Alice Wairimu Nderitu

2017 Lauréat

Kenya

L’histoire d’Alice

Ayant grandi dans une région rurale du Kenya, Alice Wairimu Nderitu avait l’habitude de grimper dans un grand arbre pour épier. Sous cet arbre, un groupe d’aînés se réunissait pour débattre de justice à propos d’enjeux qui concernaient la communauté. Sur sa branche, où elle les regardait atteindre un consensus, elle a décidé qu’un jour elle ferait partie des aînés qui promeuvent la paix dans sa communauté. Cependant, tous ces aînés étaient des hommes et on lui a dit que les négociations de paix n’étaient pas une affaire de femme.

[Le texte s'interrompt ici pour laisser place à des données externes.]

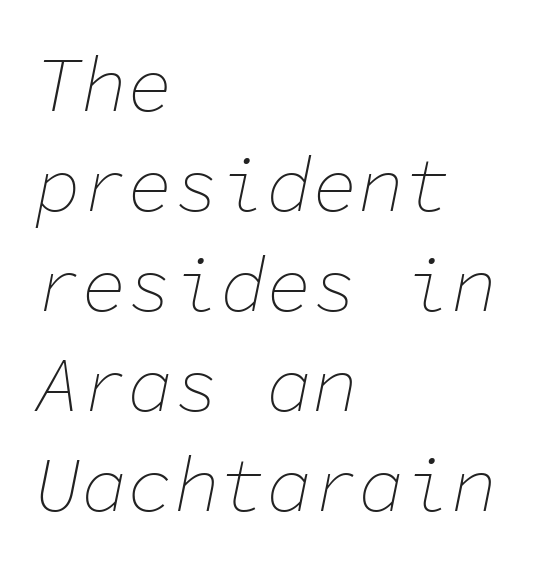
Is the letter spacing exaggerated? No — it looks like the ordinary default. Compared with a centered layout, this one pins lines to the left instead. Would a proofreader flag this as italicized? Yes. The cut favours lightness, reaching ordinary text weight at its darkest.
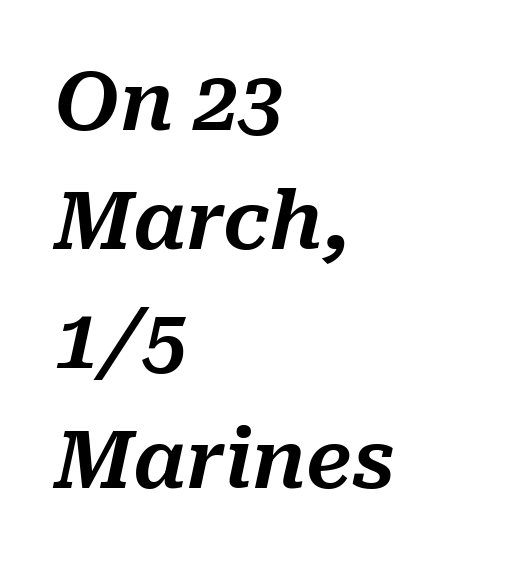
{"italic": "yes", "lean": "right", "slant_degrees": 10, "width": "normal", "stroke_contrast": "medium", "x_height": "medium", "monospaced": "no", "underline": "no", "align": "left", "line_spacing": "normal", "line_spacing_ratio": 1.49, "letter_spacing": "normal", "letter_spacing_em": 0.0, "glyph_px": 80}
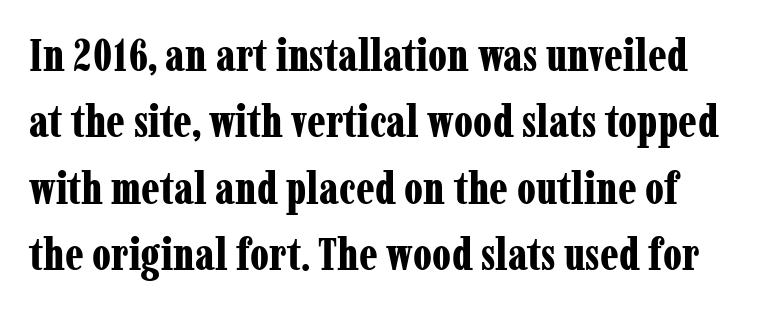
The image shows 44 px bold, condensed serif type, upright; set normal line spacing (1.51x), normal letter spacing, not underlined; low stroke contrast and a medium x-height.

Des dizaines d’années plus tard, en 2010, en tant que commissaire de la Commission nationale de cohésion et d’intégration, Alice s’est assise à la table des négociations avec 100 aînés de dix communautés ethniques qui n’avaient jamais négocié la paix entre eux. Seulement une année et demie plus tôt, en 2007-2008, la violence avait éclaté dans la vallée du Rift au Kenya après l’annonce des résultats d’une élection entachée de fraude. Cette élection avait déterré des griefs historiques concernant le territoire et des tensions ethniques profondément enracinées. Lorsque la violence postélectorale s’est apaisée, plus de 1 300 Kényans avaient été tués et 600 000 personnes avaient été déplacées. En 2010, avec un référendum constitutionnel à l’horizon, les tensions se sont accrues. La région allait-elle à nouveau être déchirée par des conflits ethniques ou allait-elle s’unir dans la paix? C’est là qu’Alice a entamé un processus de paix de 16 mois. Seule femme à la table des négociations, elle a dirigé les aînés dans un dialogue qui a débouché sur les premières élections pacifiques de la région en 20 ans.

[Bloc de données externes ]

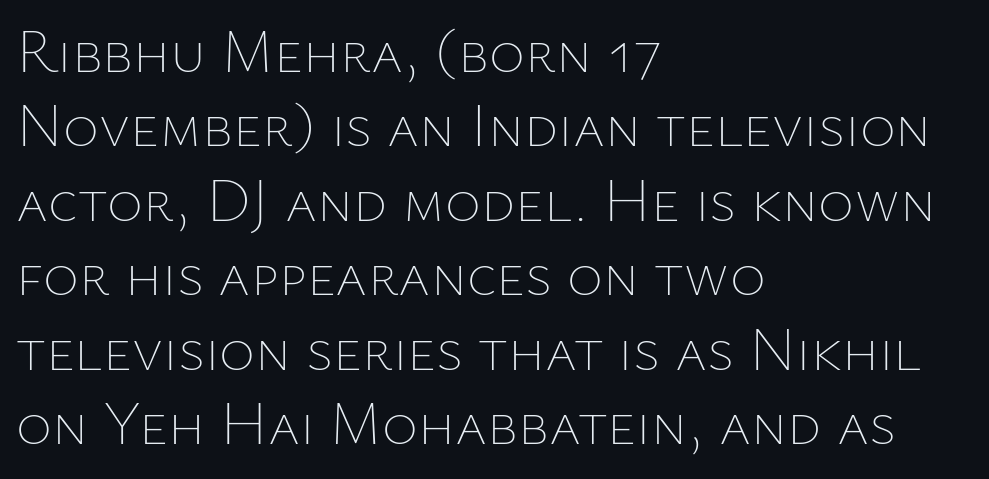
{"italic": "no", "bold": "no", "weight": "thin", "width": "normal", "stroke_contrast": "low", "x_height": "medium", "monospaced": "no", "underline": "no", "align": "left", "line_spacing_ratio": 1.22, "letter_spacing": "normal", "letter_spacing_em": 0.0, "glyph_px": 61}
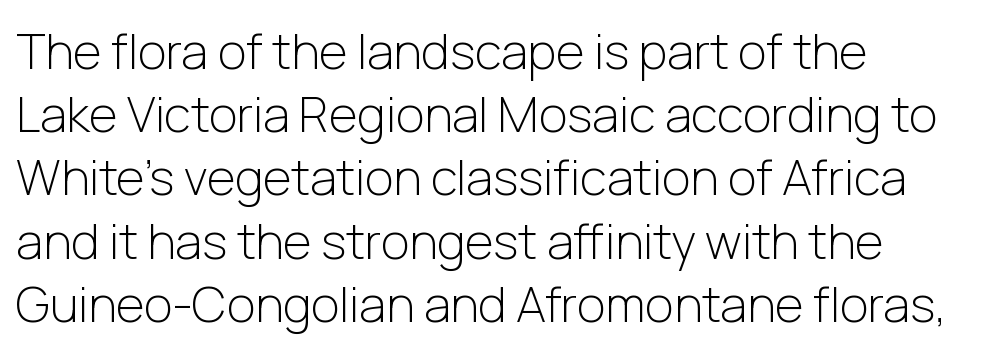
Reading down the column, the eye jumps a familiar distance to each next line. Look at the tracking — it's just the regular setting, nothing added. Horizontally, the lines are justified to the leading edge only. Underlining? Definitely not there. Posture: vertical.
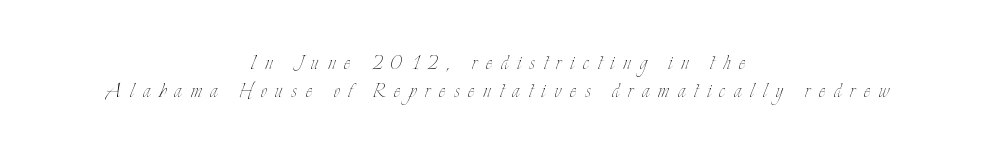
Each row of text sits above clean, open space. Think standard paragraph weight, or any step lighter than that. The setting favours the middle, as headings and verse often do.
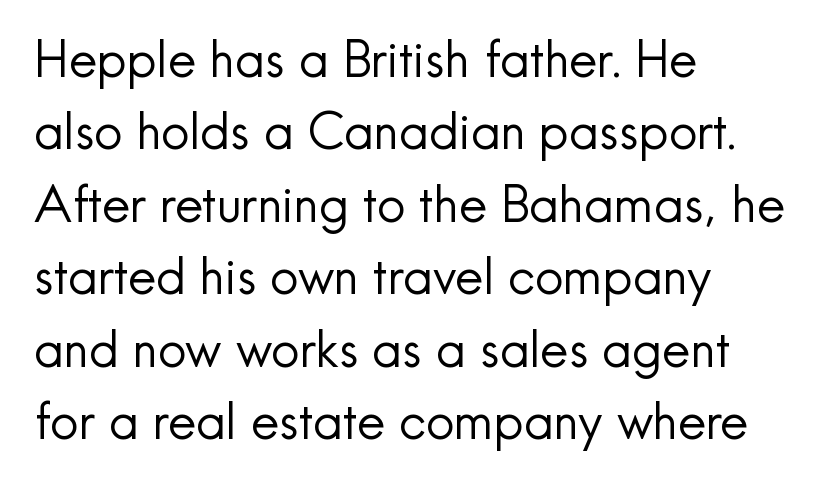
{"serif": "no", "italic": "no", "bold": "no", "weight": "regular", "width": "normal", "x_height": "small", "monospaced": "no", "underline": "no", "align": "left", "line_spacing": "normal", "line_spacing_ratio": 1.45, "letter_spacing": "normal", "letter_spacing_em": 0.0, "glyph_px": 50}
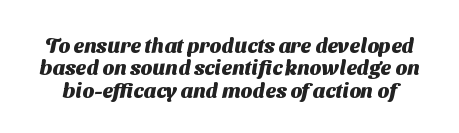
The image shows 21 px bold type; set tight line spacing (1.07x), normal letter spacing, not underlined.
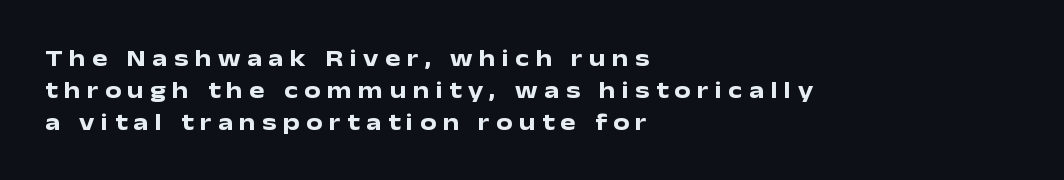
The image shows 23 px bold type, upright; set left-aligned, normal line spacing (1.39x), unusually wide letter spacing (+0.28 em), not underlined.
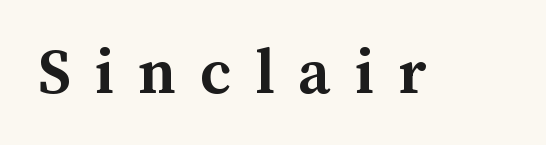
{"italic": "no", "bold": "yes", "weight": "semibold", "width": "normal", "stroke_contrast": "medium", "x_height": "medium", "monospaced": "no", "underline": "no", "letter_spacing": "wide", "letter_spacing_em": 0.35, "glyph_px": 68}
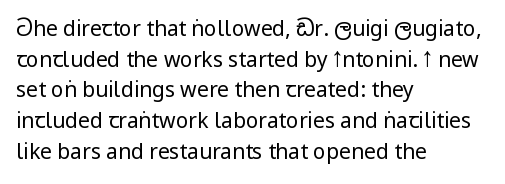
{"italic": "no", "bold": "no", "underline": "no", "align": "left", "line_spacing": "normal", "line_spacing_ratio": 1.46, "letter_spacing": "normal", "letter_spacing_em": 0.0, "glyph_px": 21}

Alice est une infatigable artisane de la paix, médiatrice de conflit et défenseure de l’égalité entre les sexes qui croit que les différences peuvent être des forces et non des faiblesses. Elle encourage une grande diversité de personnes ayant différentes identités à participer dans le processus de paix et à se sentir valorisées. Par exemple, à Jos, au Nigeria, Alice a dirigé un dialogue entre neuf communautés ethniques et a été la première à intégrer les femmes à tous les échelons du processus de paix. Au sud du Kaduna, au Nigeria, elle a agi à titre de médiatrice lors d’un conflit armé entre 29 communautés ethniques, insistant avec succès pour que les femmes et les jeunes soient inclus dans le processus. Le résultat fut la Déclaration de paix de Kafanchan, signée par deux gouverneurs d’État en 2016. C’était la première fois qu’une femme jouait ce rôle au Nigeria. Dans le sud de l’état de Plateau, au Nigeria, elle est la médiatrice en chef d’un dialogue inclusif entre 46 communautés ethniques, qui sont chacune représentées par six personnes de milieux différents.

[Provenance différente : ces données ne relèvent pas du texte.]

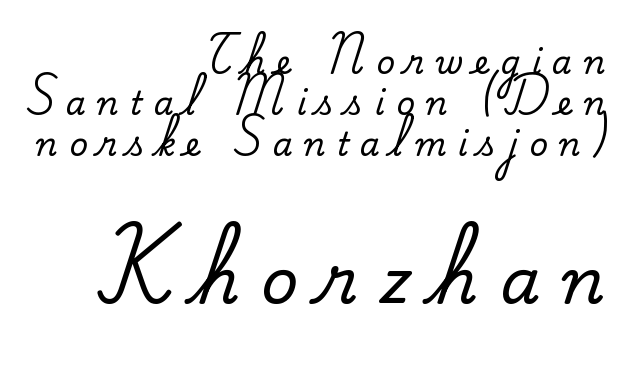
{"serif": "yes", "width": "normal", "stroke_contrast": "medium", "x_height": "small", "monospaced": "no", "underline": "no", "align": "right", "line_spacing": "normal", "line_spacing_ratio": 1.28, "letter_spacing": "wide", "letter_spacing_em": 0.35, "larger_block": "second", "size_ratio": 2.0, "glyph_px": 64}
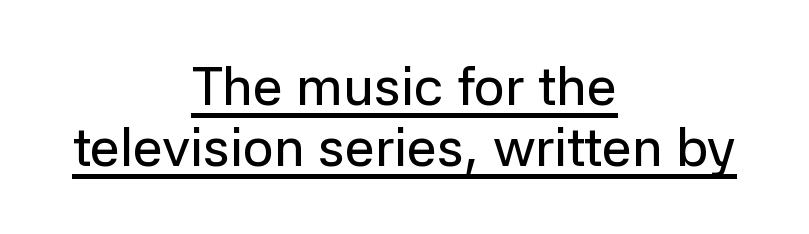
The image shows 54 px sans-serif type, upright; set centered, tight line spacing (1.13x), normal letter spacing, underlined; low stroke contrast and a medium x-height.
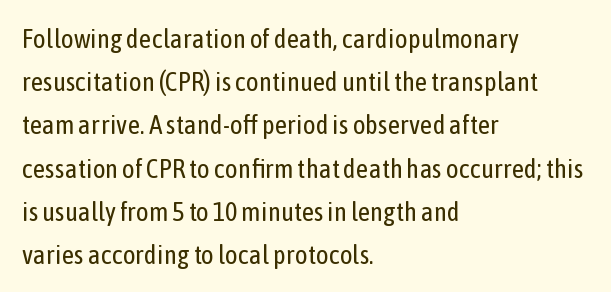
{"italic": "no", "bold": "no", "underline": "no", "align": "left", "line_spacing": "normal", "line_spacing_ratio": 1.6, "letter_spacing": "normal", "letter_spacing_em": 0.0, "glyph_px": 27}
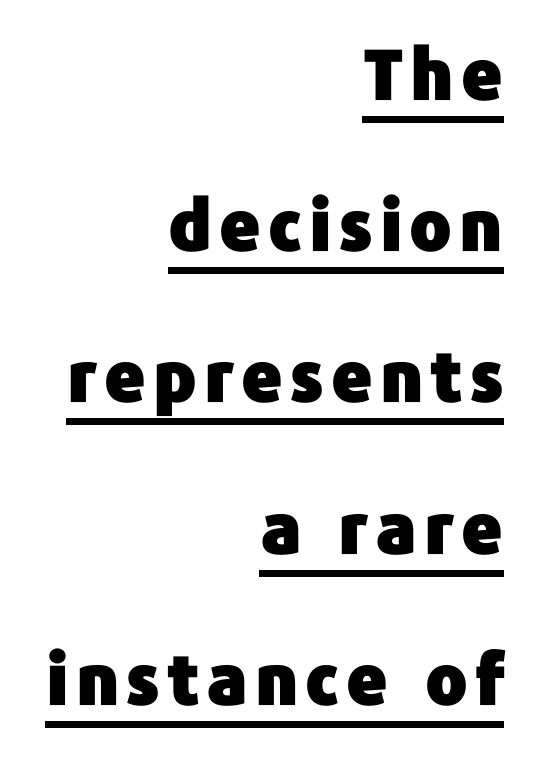
Each new line begins a long way beneath the previous one. A roman cut, with each character standing at attention. The specimen includes a rule beneath the text block's lines. Is this a sans? Yes — the strokes have no serifs. Character widths vary here, with narrow letters taking less room than wide ones.
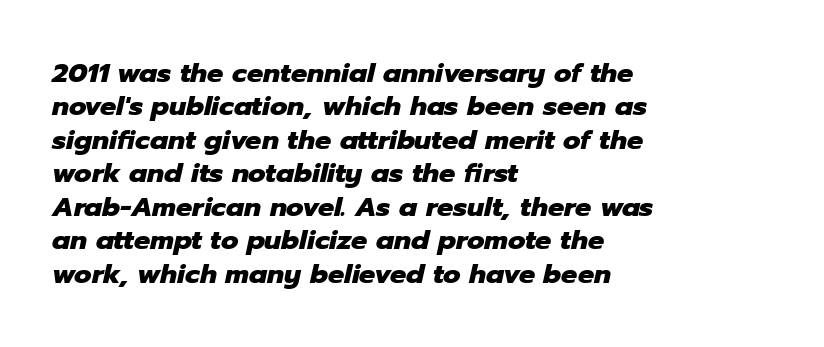
{"italic": "yes", "lean": "right", "slant_degrees": 12, "bold": "yes", "underline": "no", "align": "left", "line_spacing_ratio": 1.24, "letter_spacing": "normal", "letter_spacing_em": 0.0, "glyph_px": 27}
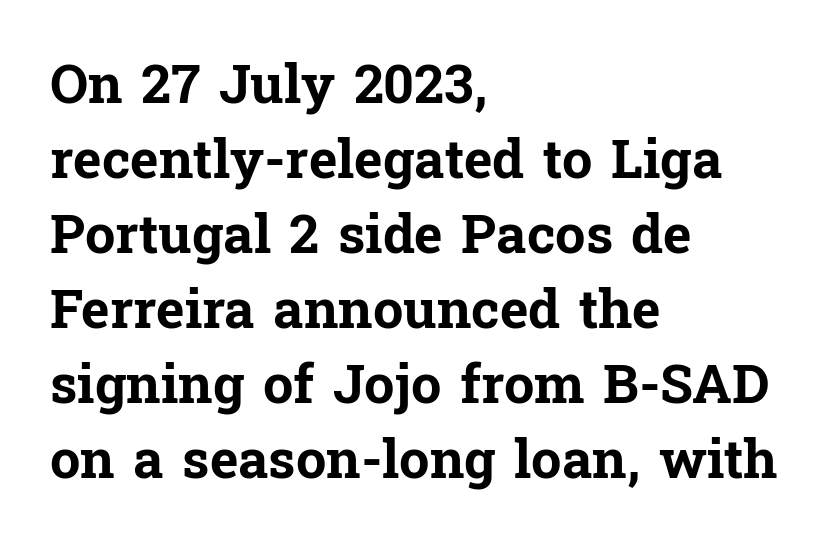
The image shows 54 px bold serif type, upright; set left-aligned, normal line spacing (1.39x), normal letter spacing, not underlined; low stroke contrast and a medium x-height.
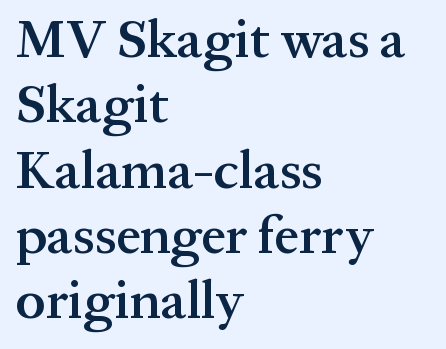
Between one letter and the next there's only the usual sliver of space. Underline: absent. Character widths vary here, with narrow letters taking less room than wide ones. The lettering stays uniformly vertical, giving the passage a roman look. The font family rendered here belongs to the serif group. Compared with an ordinary text face, these strokes are moderately heavier — a semibold.
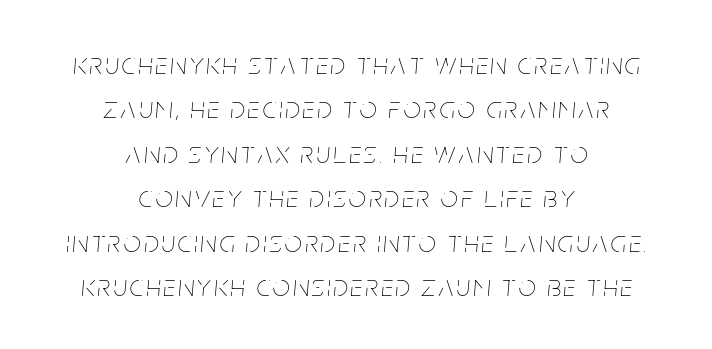
Q: Is the text bold? A: No.
Q: Is the text italic (slanted)? A: Yes, it leans right by about 5 degrees.
Q: Is the text underlined? A: No.
Q: How is the paragraph aligned? A: Centered.
Q: Is the spacing between lines tight, normal or loose? A: Normal.
Q: Width (condensed, normal, or wide)? A: Condensed.
Q: Stroke contrast? A: Low.
Q: x-height? A: Large.
Q: Monospaced? A: No.

Alice a travaillé pour promouvoir le pluralisme à toutes les étapes de la médiation et de la prévention du conflit, et ce, non seulement dans l’intérêt de ceux qui ont été exclus historiquement, mais également parce qu’elle sait que la multiplicité des voix qui se rencontrent dans un dialogue respectueux est la seule manière de garantir la paix à long terme. Pour perpétuer le respect de la diversité, elle a développé un programme d’éducation à la paix et forme d’autres femmes médiatrices.

Lorsqu’elle était une enfant qui écoutait les autres, perchée dans un arbre, Alice s’est fait dire qu’elle ne pourrait pas travailler comme artisane de la paix. Aujourd’hui, elle est une éminente médiatrice et elle négocie la paix d’un bout à l’autre de l’Afrique. Elle a prouvé à maintes reprises que les femmes peuvent absolument contribuer aux négociations de paix et qu’en fait, la paix durable requiert la participation de tous les membres de la société.